Dr. Amy Gutmann, the President of the University of Pennsylvania and the Chair of the Bioethics Commission, opened today’s meeting, the fifteenth public meeting of the Bioethics Commission with a clarifying note: that the deliberations of the Bioethics Commission will go beyond the scope of the BRAIN Initiative alone. “While we received our charge as part of the President’s BRAIN Initiative, our focus is wider than the Initiative…President Obama asked us to review the ethical consideration of neuroscience more broadly,” she said, “[including] considerations of both neuroscience research and the application of neuroscience research findings.”

Dr. Gutmann explained that the Bioethics Commission is not tasked with the review of institutional research protocols. As such, the Bioethics Commission will “consider how best to integrate ethics into neuroscience broadly – and the BRAIN Initiative specifically– but this Bioethics Commission will not be the ultimate locus of that integration.”

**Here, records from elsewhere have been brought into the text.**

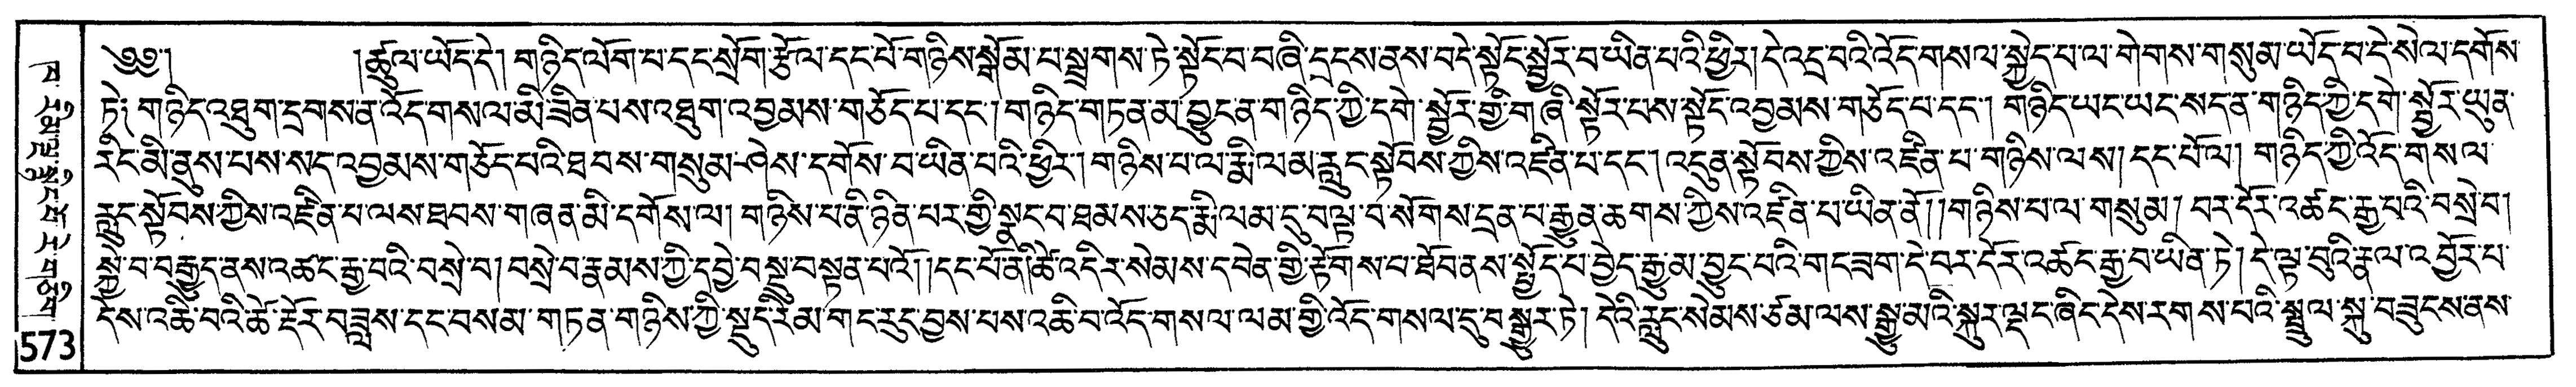༄༅། །ཚུལ་ཡོད་དེ། གཉིད་ལོག་པ་དང་སྲོག་རྩོལ་དང་པོ་གཉིས་སྒོམ་པ་སྦྲགས་ཏེ་སྟོང་པ་བཞི་དྲངས་ནས་བདེ་སྟོང་སྦྱོར་བ་ཡིན་པའི་ཕྱིར། དེ་འདྲ་བའི་འོད་གསལ་སྐྱེད་པ་ལ་གེགས་གསུམ་ཡོད་པ་དེ་སེལ་དགོས་
ཏེ༑ གཉིས་འཐུག་དྲགས་ན་འོད་གསལ་མི་ཟིན་པས་འཐུག་འབྱམས་གཅོད་པ་དང་། གཉིད་གཏན་མ་བྱུང་ན་གཉིད་ཀྱི་དགེ་སྦྱོར་གྱི་གཞི་སྟོར་པས་སྟོང་འབྱམས་གཅོད་པ་དང་། གཉིད་ཡང་ཡང་སད་ན་གཉིད་ཀྱི་དགེ་སྦྱོར་ཡུན་
རིང་མི་ནུས་པས་སད་འབྱམས་གཅོད་པའི་ཐབས་གསུམ་ཤེས་དགོས་པ་ཡིན་པའི་ཕྱིར། གཉིས་པ་ལ་རྨི་ལམ་རླུང་སྟོབས་ཀྱིས་འཛིན་པ་དང་། འདུན་སྟོབས་ཀྱིས་འཛིན་པ་གཉིས་ལས། དང་པོ་ལ། གཉིད་ཀྱི་འོད་གསལ་
རླུང་སྟོབས་ཀྱིས་འཛིན་པ་ལས་ཐབས་གཞན་མི་དགོས་ལ། གཉིས་པ་ནི་ཉིན་པར་གྱི་སྣང་བ་ཐམས་ཅད་རྨི་ལམ་དུ་བལྟ་བ་སོགས་དྲན་པ་རྒྱུན་ཆགས་ཀྱིས་འཛིན་པ་ཡིན་ནོ། །གཉིས་པ་ལ་གསུམ། བར་དོར་འཚང་རྒྱ་བའི་བསྲེ་བ།
སྐྱེ་བ་བརྒྱུད་ནས་འཚང་རྒྱ་བའི་བསྲེ་བ། བསྲེ་བ་རྣམས་ཀྱི་དབྱེ་བསྡུ་བསྟན་པའོ། །དང་པོ་ནི། ཚེ་འདིར་སེམས་དབེན་གྱི་རྟོགས་པ་ཐོབ་ནས་སྤྱོད་པ་བྱེད་རྒྱུ་མ་བྱུང་བའི་གང་ཟག་དེ་བར་དོར་འཚང་རྒྱ་བ་ཡིན་ཏེ། དེ་ལྟ་བུའི་རྣལ་འབྱོར་པ་
དེས་འཆི་བའི་ཚེ་རྡོར་བཟླས་དང་བསམ་གཏན་གཉིས་ཀྱི་སྡུད་རིམ་གང་རུང་བྱས་པས་འཆི་བ་འོད་གསལ་ལམ་གྱི་འོད་གསལ་དུ་བསྒྱུར་ཏེ། དེའི་རླུང་སེམས་ཙམ་ལས་སྒྱུ་མའི་སྐུར་ལྡང་ཞིང་དེས་རགས་པའི་སྤྲུལ་སྐུ་བཟུངས་ནས་

Over the coming months, the Bioethics Commission will review different ethical issues associated with neuroscience research and how ethics might be integrated into neuroscience training and practice. The Bioethics Commission will then, Gutmann said, “make ethical and practical recommendations that will inform the conduct of the BRAIN Initiative.”

Today’s meeting will build upon previous discussion of the ethical issues related to neuroscience. The Bioethics Commission will hear from experts on how to integrate ethics into every step of neuroscientific training and practice. They will also discuss the topic of  private sector partners in the BRAIN Initiative, to understand how they go about identifying and addressing ethical issues. Finally the Bioethics Commission will hear from international neuroscience research initiatives, to hear how groups already pursuing large neuroscience research projects are dealing with ethical issues in their work.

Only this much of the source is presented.